DJ Rap spins at Samana Lounge in Vail Friday night
Vail, CO, Colorado
Apparently it’s not cool for DJs to find mainstream success in England. Charissa Saverio, aka, DJ Rap, found this out the hard way. After scratching out a living as a drum and bass DJ (a style of DJing that uses quick breakbeats and heavy basslines) in her home country for more than a decade she released “Learning Curve” in 1999, which sold well and was well-received by critics in magazines like Rolling Stone. A single from the album ” “Good To Be Alive” ” was featured in the soundtrack to the movie “Go,” which made her even more well known to American audiences. But overseas, things weren’t going so good for her. With all the mainstream attention she was suddenly getting, Rap said her fellow DJs became upset with her, making the situation so uncomfortable she left her home and moved to the states.
“On one point the drum and bass circuit totally turned against me and were like ‘You sold out, blah, blah, blah,’ and I was having this amazing success on the other hand,” Rap said. “It was a bittersweet experience, let’s put it that way. I’m kind of over it now.”

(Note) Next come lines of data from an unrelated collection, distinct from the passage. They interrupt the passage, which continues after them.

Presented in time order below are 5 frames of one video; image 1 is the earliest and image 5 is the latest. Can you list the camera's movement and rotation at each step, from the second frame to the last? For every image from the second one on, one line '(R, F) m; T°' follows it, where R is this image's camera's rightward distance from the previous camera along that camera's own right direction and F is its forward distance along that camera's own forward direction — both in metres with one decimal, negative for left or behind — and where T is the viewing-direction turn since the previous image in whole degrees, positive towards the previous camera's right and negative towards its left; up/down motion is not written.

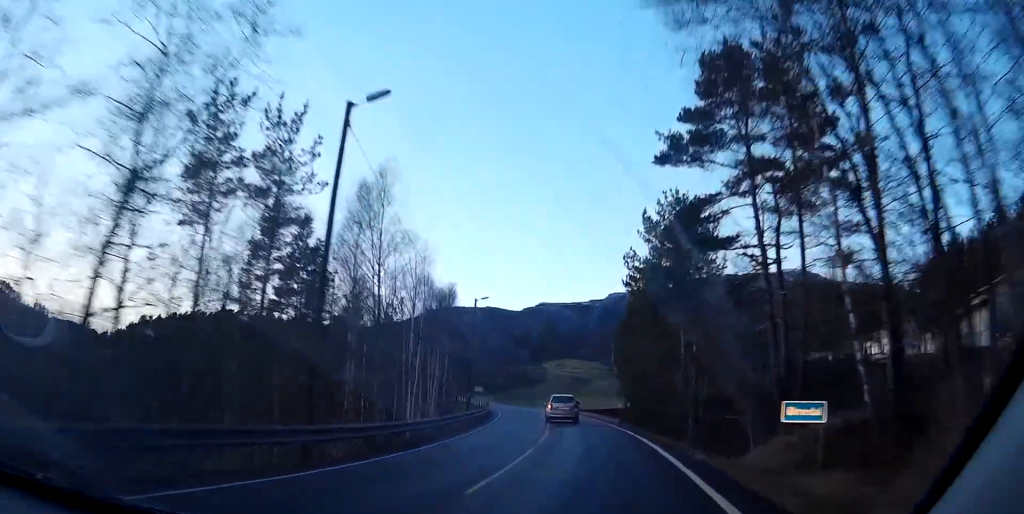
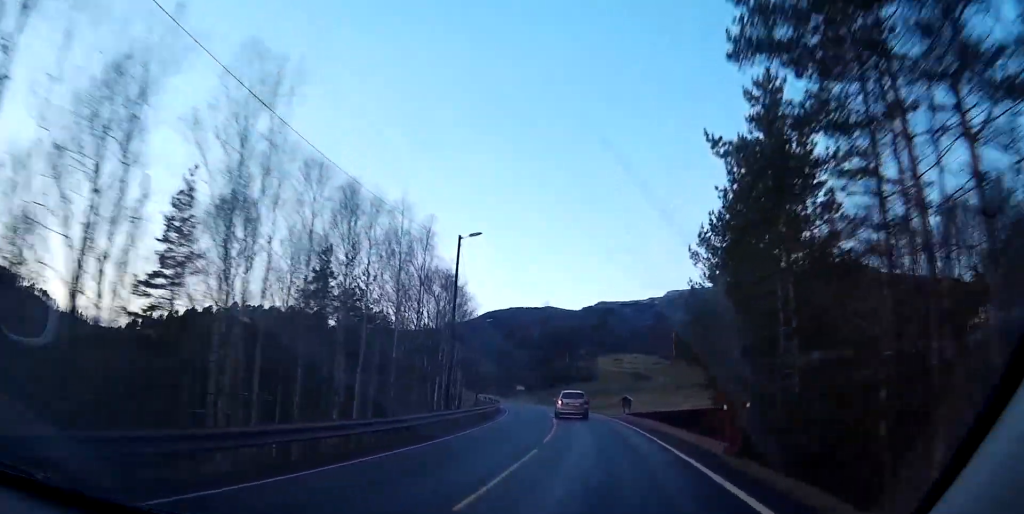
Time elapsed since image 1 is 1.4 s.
(-1.7, +25.3) m; -6°
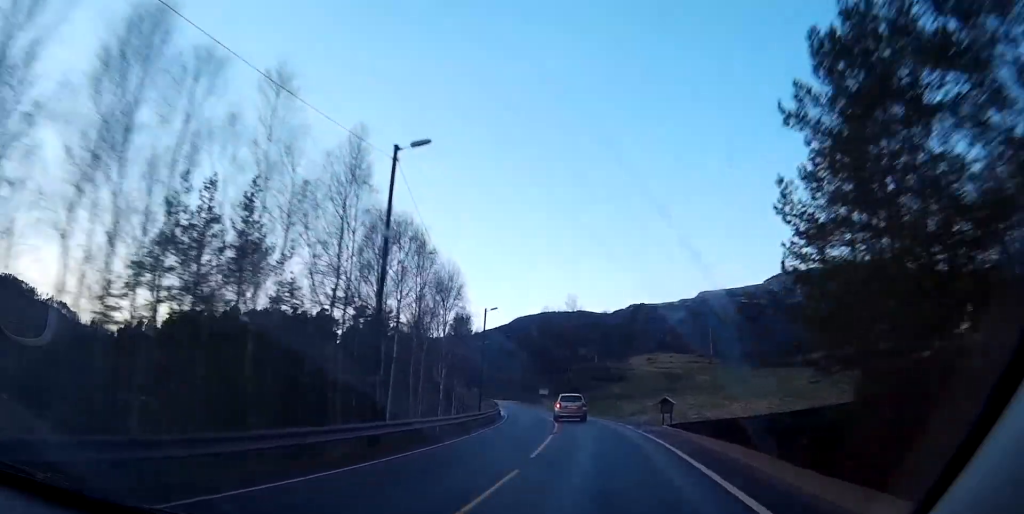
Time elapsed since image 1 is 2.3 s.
(-0.1, +16.0) m; +1°
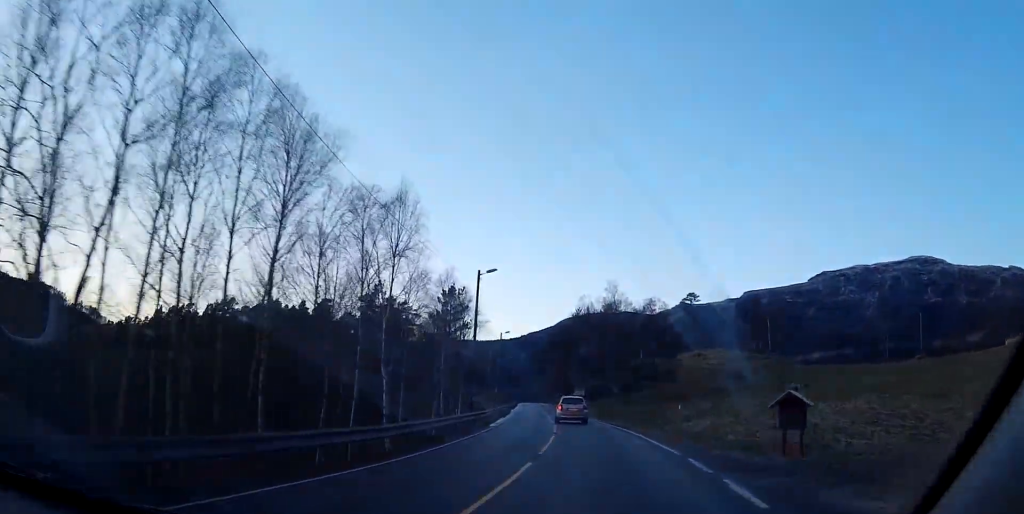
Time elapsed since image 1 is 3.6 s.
(0.0, +21.3) m; -2°
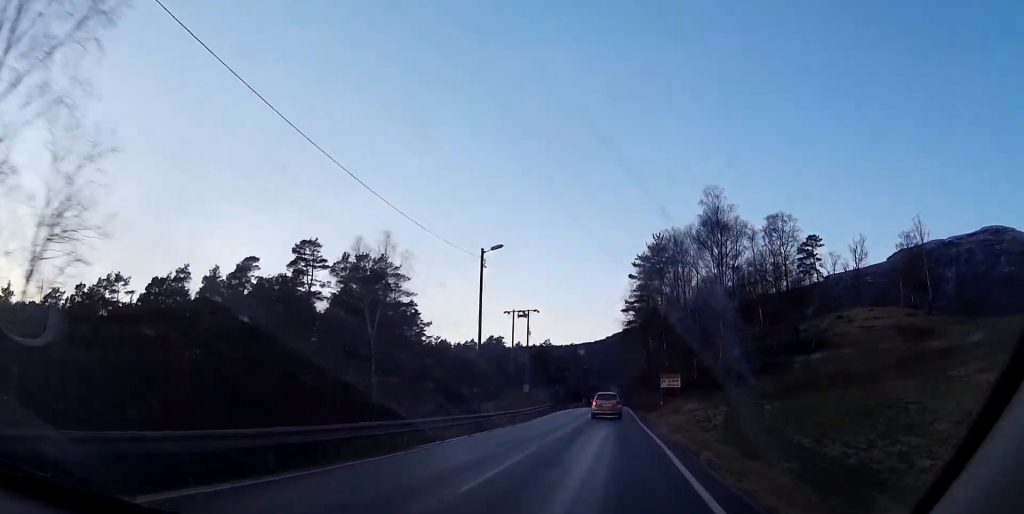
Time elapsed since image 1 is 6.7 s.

Since coming to America, Rap has returned to her roots of house music mostly because the audience for that type of music is much larger, she said.
DJ Rap will perform Friday night at Samana Lounge in Vail with resident DJ and entertainment director Peter Blick. Blick heard about Rap 12 years ago or so but didn’t see her play tech-house until a music festival in San Francisco around three years ago.
“She was the best music I heard out there all day and I’ve kind of just been paying attention to what she’s been doing since,” Blick said.
Rap called being in the upper echelon of the DJ totem pole “bloody hard work” ” work that is never done, in her opinion.
“There’s always someone doing better than you so I always keep that in mind. But in these times, I feel very fortunate,” Rap said.
She just finished recording a new album, “Synthesis,” which is set for release next year when she will begin a tour in support of it.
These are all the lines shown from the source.